In that case, 13 Chicago cops broke into the Monroe home without a warrant, ransacked it and made Monroe and his wife stand naked in the living room before taking Monroe to the police station to interrogate him for 10 hours about a murder. Monroe brought suit against each officer as well as the city under the 1871 Civil Rights Act. While dismissed by the District Court and the Court of Appeals, because the officers were performing government functions, the Supreme Court disagreed with respect to the officers but dismissed the case against the city. The court held that the purpose of the 1871 Civil Rights Act was "to give a remedy to parties deprived of constitutional rights, privileges, and immunities by an official's abuse of his position."
While Monroe remains important precedent, a 1967 case weakened it with respect to police officers by creating the legal doctrine of "qualified immunity." Pierson v. Ray was a case coming out of desegregation efforts in the South. It involved the arrest of 15 Episcopal priests, 12 white and three Black, who tried going to a coffee shop in Jackson, Mississippi, while participating in the Mississippi Freedom Rides in 1961.
The priests were arrested for "breach of peace" after refusing to leave the coffee shop after being ordered to.

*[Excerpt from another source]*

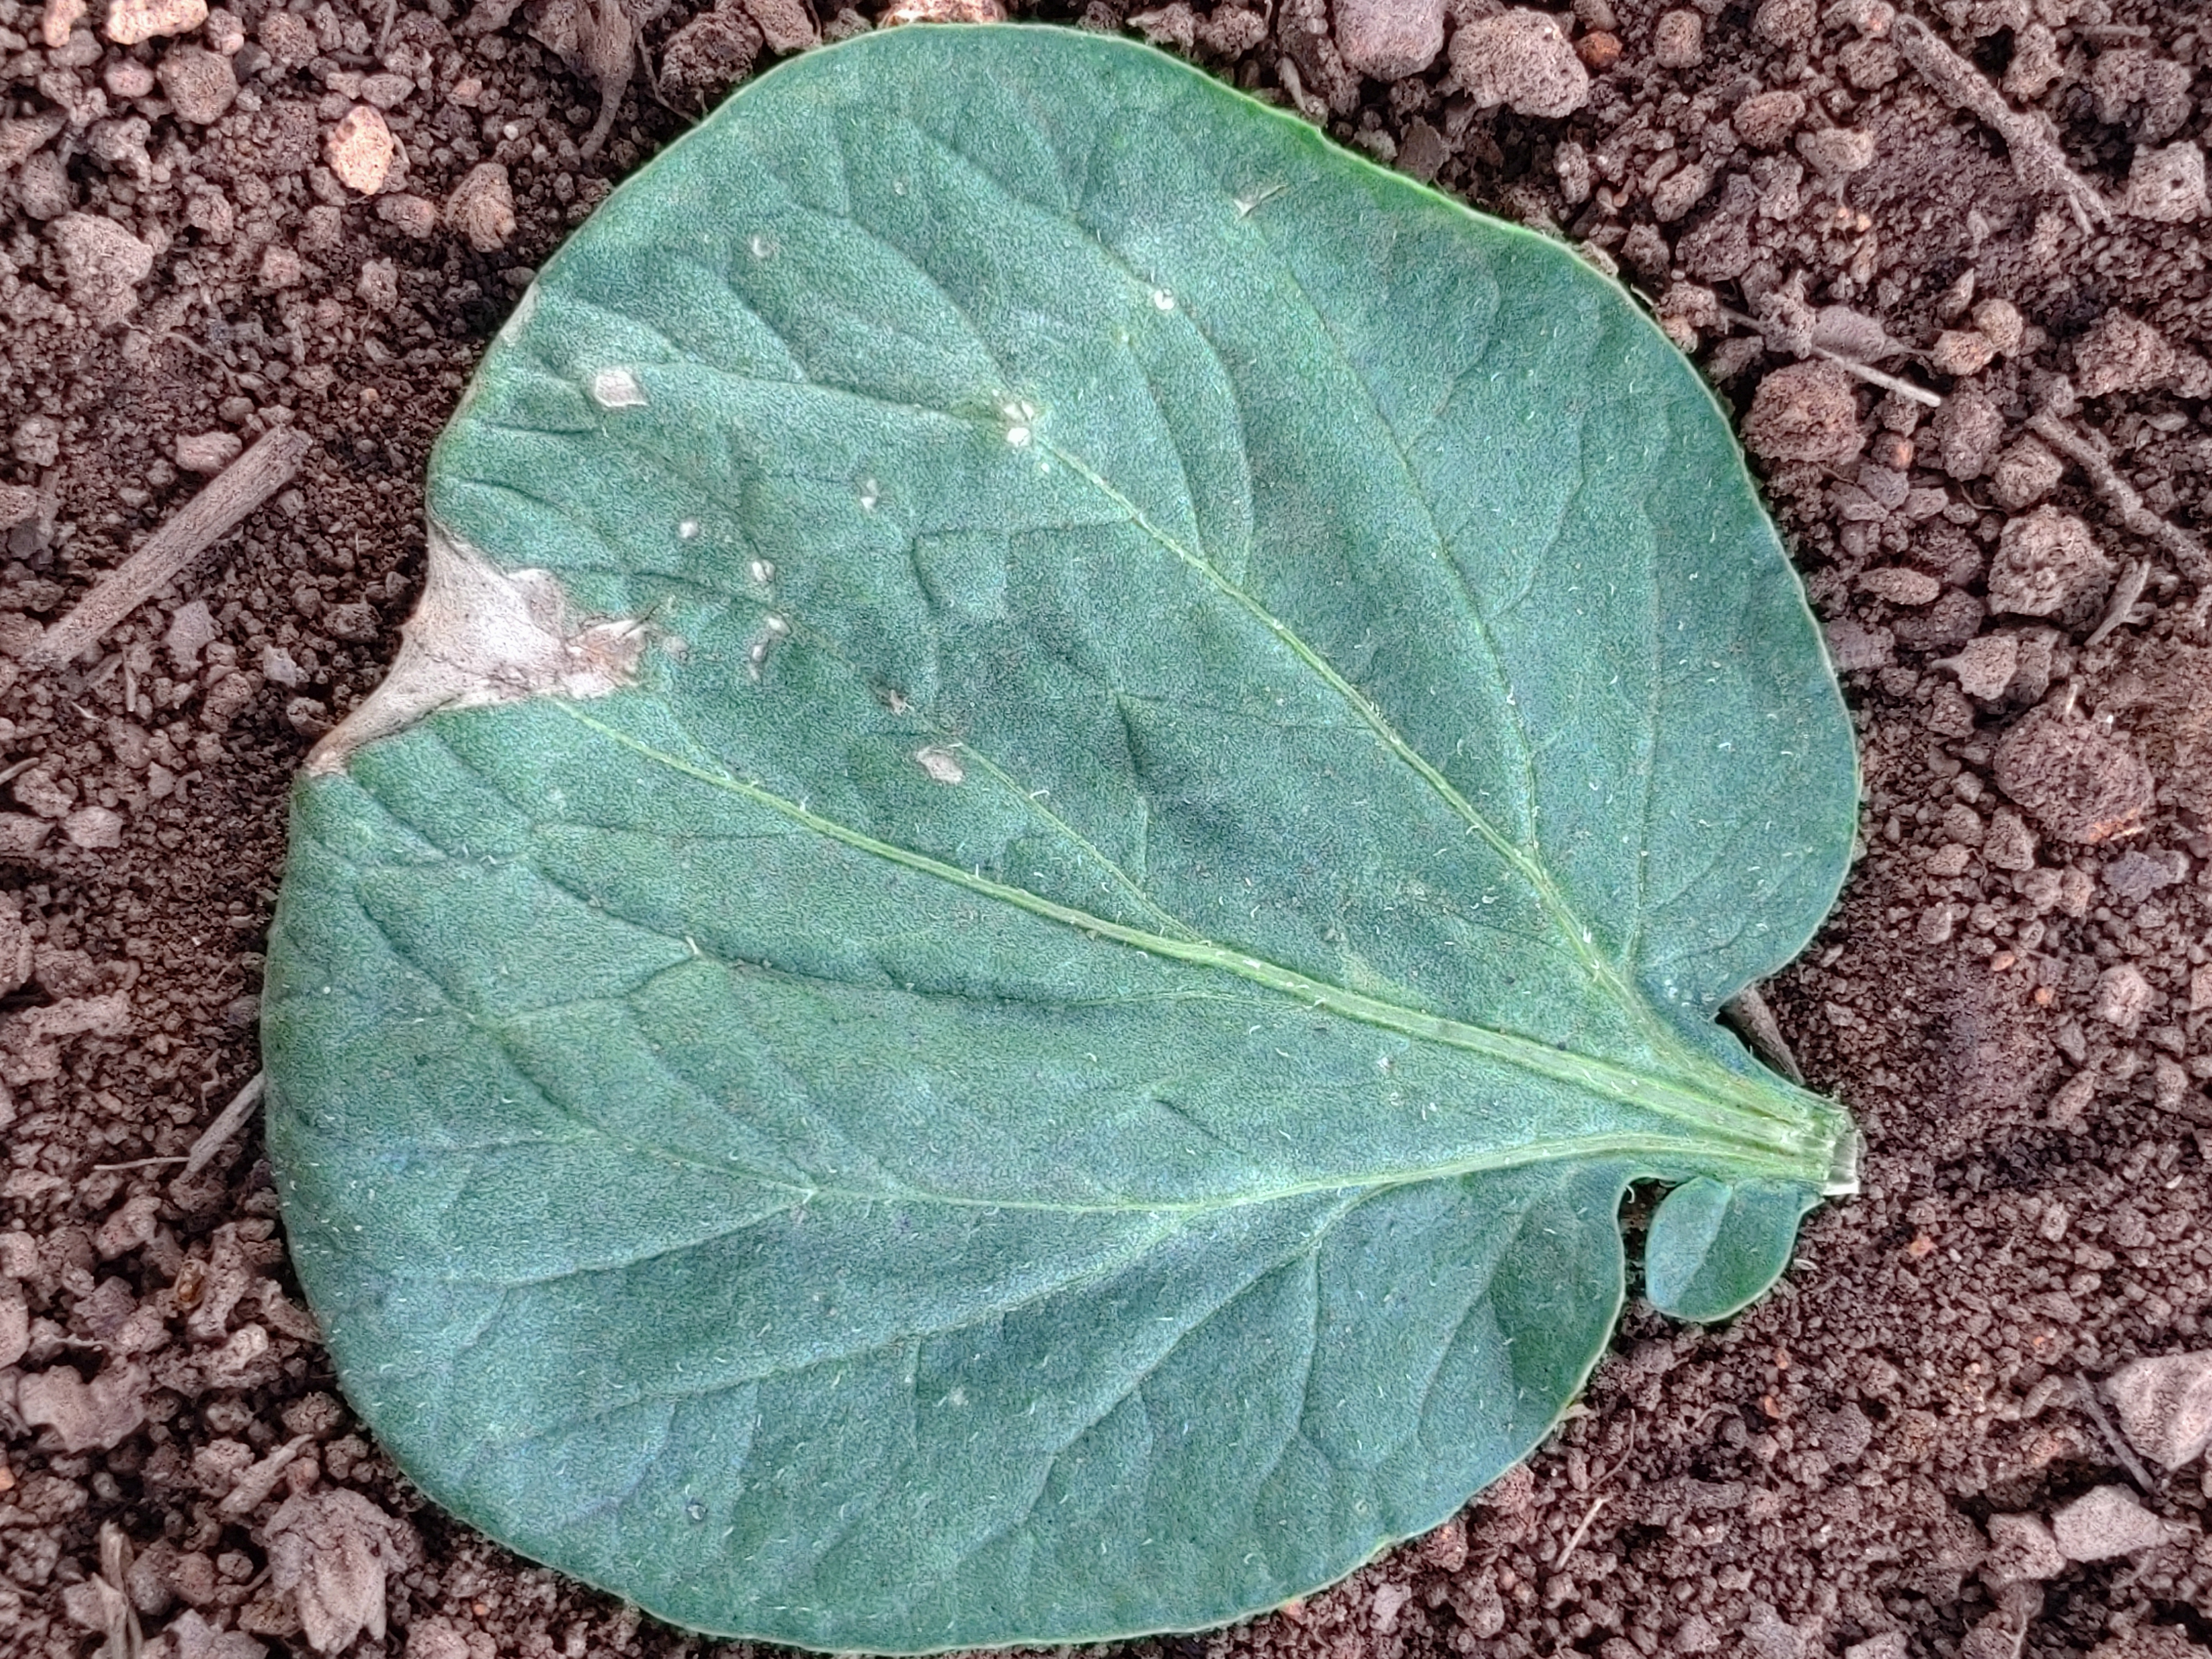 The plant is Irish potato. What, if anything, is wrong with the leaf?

early blight
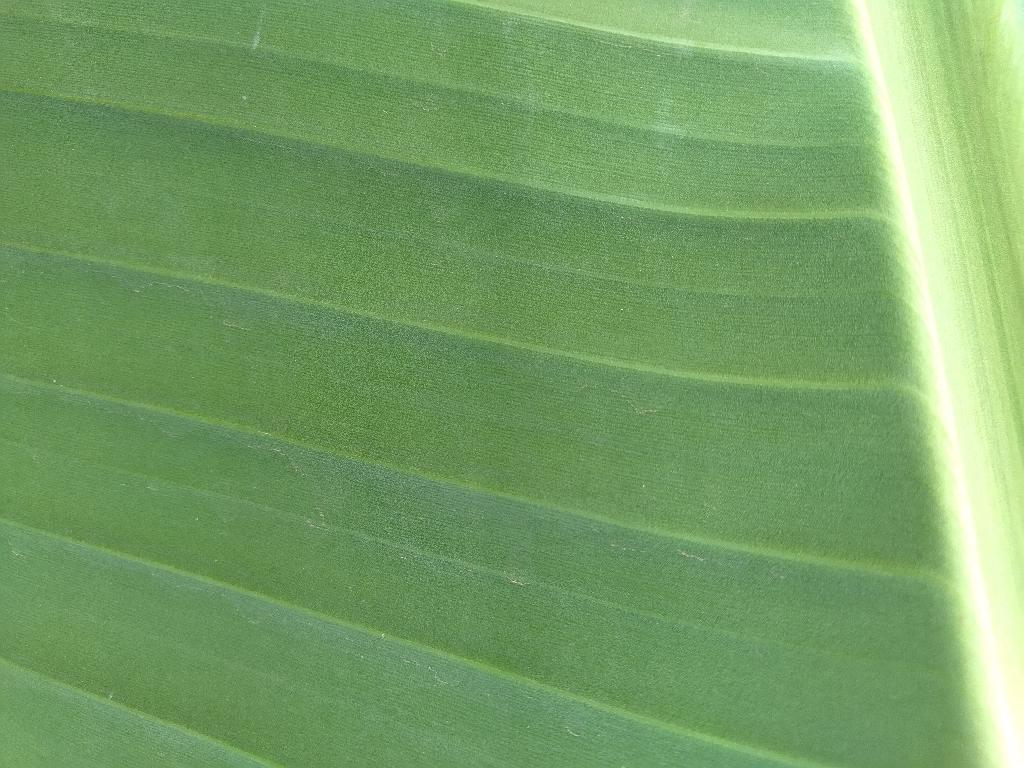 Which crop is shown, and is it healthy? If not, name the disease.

They were each sentenced to four months in jail and a $200 fine. Represented by the Congress of Racial Equality, they sued for damages against the local judge and police under Section 1983, claiming false arrest and imprisonment.
While the 5th Circuit Court of Appeals found the Mississippi "breach of peace" law allowing the police to arrest the priests unconstitutional, it did not hold them liable, because they could not be expected to know which laws were constitutional or not. Additionally the appeals court ruled the judge was immune from prosecution.
While the Supreme Court ruled a new trial was warranted, it held that while police officers did not have "unqualified immunity," they may be excused "from liability for acting under a statute they reasonably believed to be valid but that was later held unconstitutional, on its face or as applied"—in other words, "qualified immunity."
While this was meant to be a small exception carved out for officers who acted in "good faith," the doctrine was greatly expanded in 1982 with Harlow v. Fitzgerald. After Harlow, police officers were generally shielded from civil liability, even if acting in bad faith, unless plaintiffs could show the officer violated a "clearly established" right that a "reasonable person" would know. The burden of proof therefore was moved to the shoulders of the plaintiff and "reasonableness" became an issue. Additionally plaintiffs were required to show a legal precedent involving the "specific context" and "particular conduct" at issue. Otherwise, the officers were shielded from liability. Bottom line? This is rarely achieved. The result? Cops act like they can do no wrong.
Ending qualified immunity is a necessary step in empowering civilians and holding police officers accountable for their violence. The United States House of Representatives has passed the George Floyd Justice in Policing Act, which would end qualified immunity. The act would also ban chokeholds, no-knock warrants in federal drug cases, create a nationwide database of police misconduct, prohibit racial and religious profiling, and redirect funds to community-based policing programs.
While the bill would be an important step in police reform, Republicans in the United States Senate are blocking it with a competing bill that is not as strong. Qualified immunity was created in an attempt to protect police officers during segregation and continuing its use only serves to perpetuate systemic racism and violent policing.